Eastern Exposure: Indu Sundaresan

Thanks to an influx of Washington's East Indian population, Seattle is becoming a hotbed of Eastern

By Seattle Mag December 31, 1969

Category: seattlepi.com teaser headlines

 

Thanks to an influx of Washington’s East Indian population, Seattle is becoming a hotbed of Eastern arts. As Indian expats share the dance, theater, film, music and literature traditions of their native country, our city reaps the rich cultural benefits

Indu Sundaresan {Writer}

Talking with novelist and short-story writer Indu Sundaresan is a little like reading one of her intricate, precise tales of life in 17th-century Mughal India. Born and raised in India, Sundaresan came to the States 20 years ago to earn an M.A. in economics and an M.S. in operations research from the University of Delaware (she moved to Seattle in 1993). “I intended to be an economist,” she says, “but began my first novel simply because I thought I could write a novel.” Turns out she was correct. In fact, she incorporates the mark of the true storyteller—intricate plot twists, character development and careful word choice—in explaining even the most quotidian events of her life.
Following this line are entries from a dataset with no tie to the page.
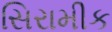
સિરામીક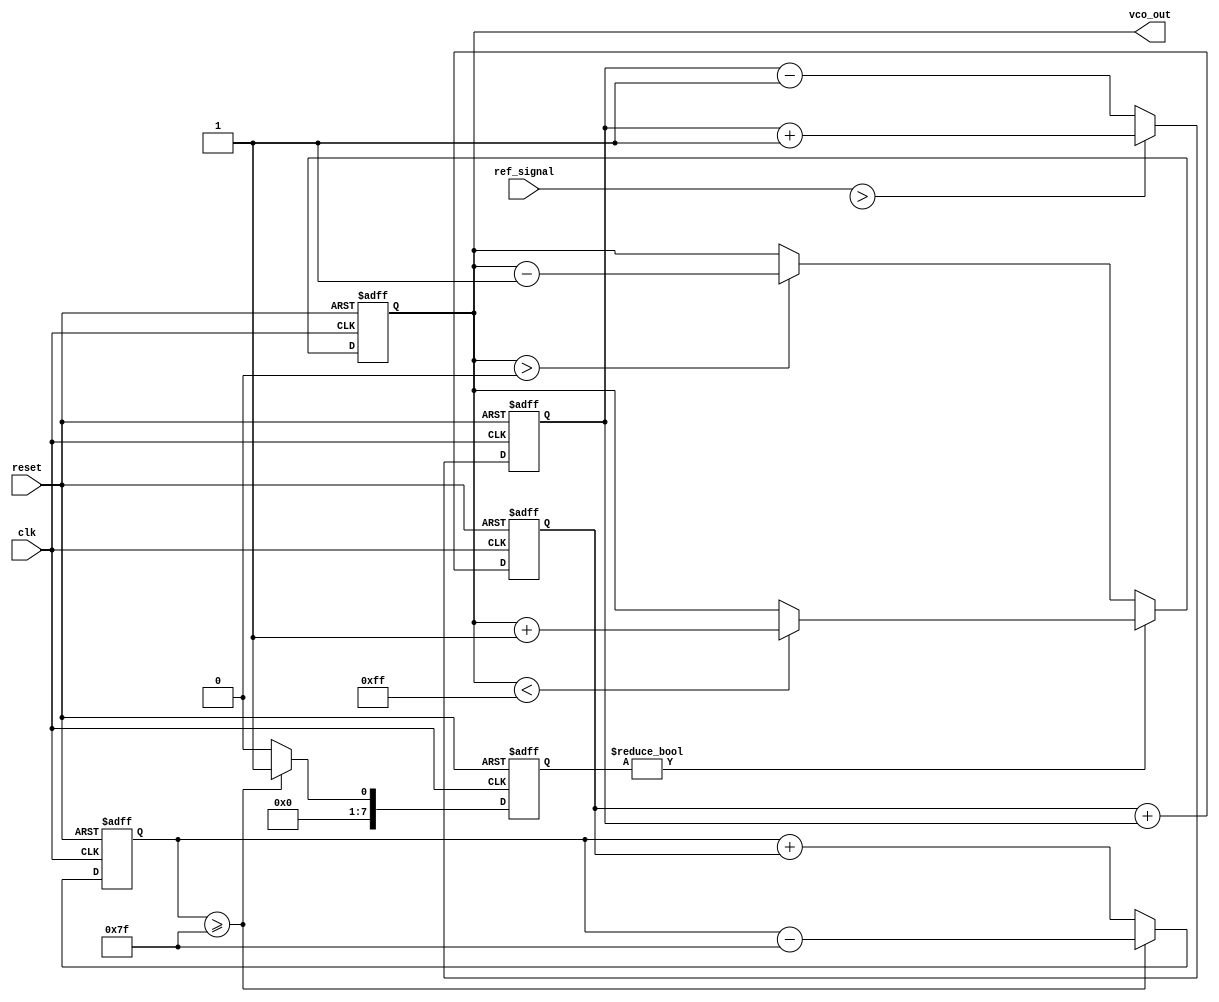
module sigma_delta_pll (
    input wire clk,                  // System clock
    input wire reset,                // Reset signal
    input wire ref_signal,           // Reference input signal
    output reg vco_out               // Output of the VCO
);

    // Parameters
    parameter N = 8;                 // Bit width for the sigma-delta modulator
    parameter VCO_MAX = 255;         // Maximum VCO value
    parameter VCO_MIN = 0;           // Minimum VCO value

    // Internal signals
    reg [N-1:0] phase_error;         // Phase error from the phase detector
    reg [N-1:0] control_voltage;      // Control voltage from the loop filter
    reg [N-1:0] sigma_delta_out;      // Output of the sigma-delta modulator
    reg [N-1:0] integrator;           // Integrator for the sigma-delta modulator
    reg feedback_signal;              // Feedback signal from VCO

    // Phase Detector
    always @(posedge clk or posedge reset) begin
        if (reset) begin
            phase_error <= 0;
        end else begin
            // Simple phase detector logic (PWM output)
            if (ref_signal > feedback_signal) begin
                phase_error <= phase_error + 1; // Increase phase error
            end else begin
                phase_error <= phase_error - 1; // Decrease phase error
            end
        end
    end

    // Loop Filter (simple integrator)
    always @(posedge clk or posedge reset) begin
        if (reset) begin
            control_voltage <= 0;
        end else begin
            control_voltage <= control_voltage + phase_error; // Integrate phase error
        end
    end

    // Sigma-Delta Modulator
    always @(posedge clk or posedge reset) begin
        if (reset) begin
            integrator <= 0;
            sigma_delta_out <= 0;
        end else begin
            integrator <= integrator + control_voltage; // Integrate control voltage
            if (integrator >= (VCO_MAX / 2)) begin
                sigma_delta_out <= 1; // Output high
                integrator <= integrator - (VCO_MAX / 2); // Reset integrator
            end else begin
                sigma_delta_out <= 0; // Output low
            end
        end
    end

    // Voltage-Controlled Oscillator (VCO)
    always @(posedge clk or posedge reset) begin
        if (reset) begin
            vco_out <= 0;
        end else begin
            // Simple VCO logic based on sigma-delta output
            if (sigma_delta_out) begin
                if (vco_out < VCO_MAX) begin
                    vco_out <= vco_out + 1; // Increase frequency
                end
            end else begin
                if (vco_out > VCO_MIN) begin
                    vco_out <= vco_out - 1; // Decrease frequency
                end
            end
        end
    end

    // Feedback logic (not implemented, would depend on specific design)
    // feedback_signal = vco_out; // This would typically be a divided version of vco_out

endmodule
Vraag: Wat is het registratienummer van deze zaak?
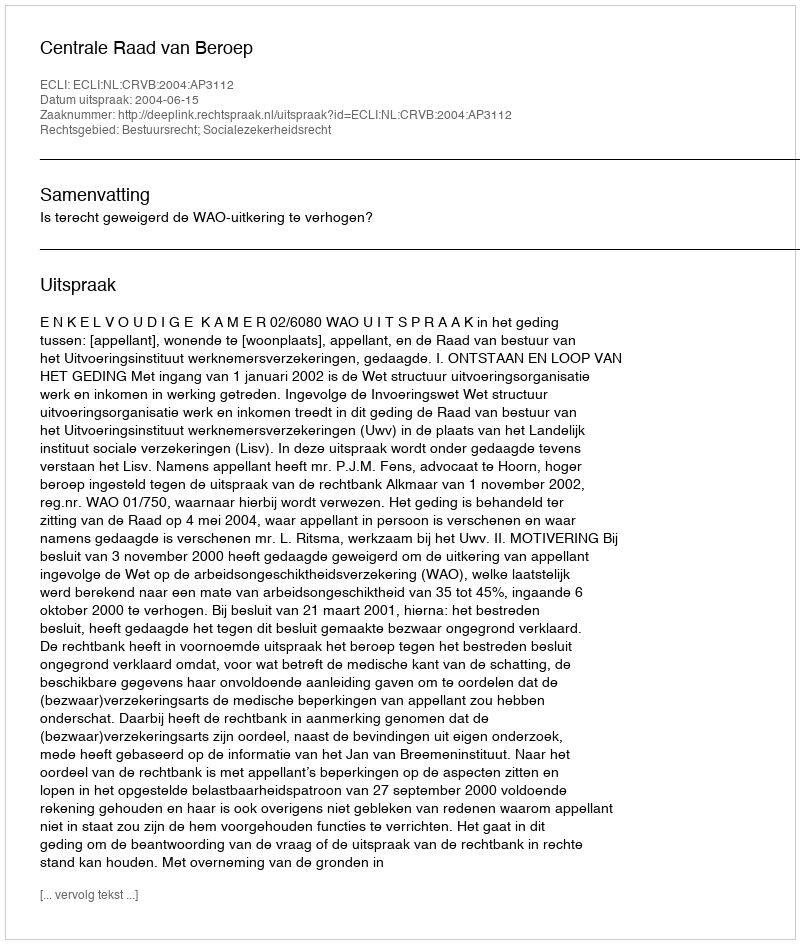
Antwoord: http://deeplink.rechtspraak.nl/uitspraak?id=ECLI:NL:CRVB:2004:AP3112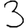
Digit: 3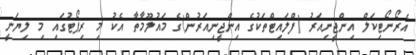
އެރޯނޯޓިކަލް އިންޖީނިއަރު (ފްލައިޓްތަކުގެ އިންޖީނިއަރުން)ގެ މައުލޫމާތާ އެކު މި ރިޕޯޓުގައި މި ލިޔަނީ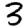
Digit: 3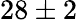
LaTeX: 28\pm 2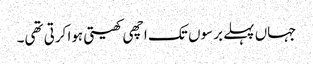
جہاں پہلے برسوں تک اچھی کھیتی ہوا کرتی تھی۔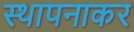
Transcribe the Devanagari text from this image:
स्थापनाकर

Sundaresan’s fourth work of historical fiction, Shadow Princess, will be released by Atria Books in April 2010. The book returns to the narrative she began in her first novel, The Twentieth Wife (2003) and continued in The Feast of Roses (2004)—an imagined account of real-life empress Nur Jahan, whose niece’s death inspired Shah Jahan to build the Taj Mahal. “Indian people have been hearing these stories all their lives,” she says. “The stories about the powerful empress of India are like bedtime stories. And people who do not know about Indian history respond to the themes of perseverance and strength.”

Sundaresan’s tales may be 400 years old, but her means for researching her subjects are distinctly modern. Based in Redmond, she reads about 17th-century Indian politics, intrigue and love from the comfort of the Bellevue and Redmond public libraries and the Suzzallo and Allen libraries on the University of Washington campus. “There were six main emperors of Mughal India,” she says. “All of them left printed memoirs or biographies in Turkish or Persian. They have all been translated into English. I can just sit in Seattle and read about 17th-century India.”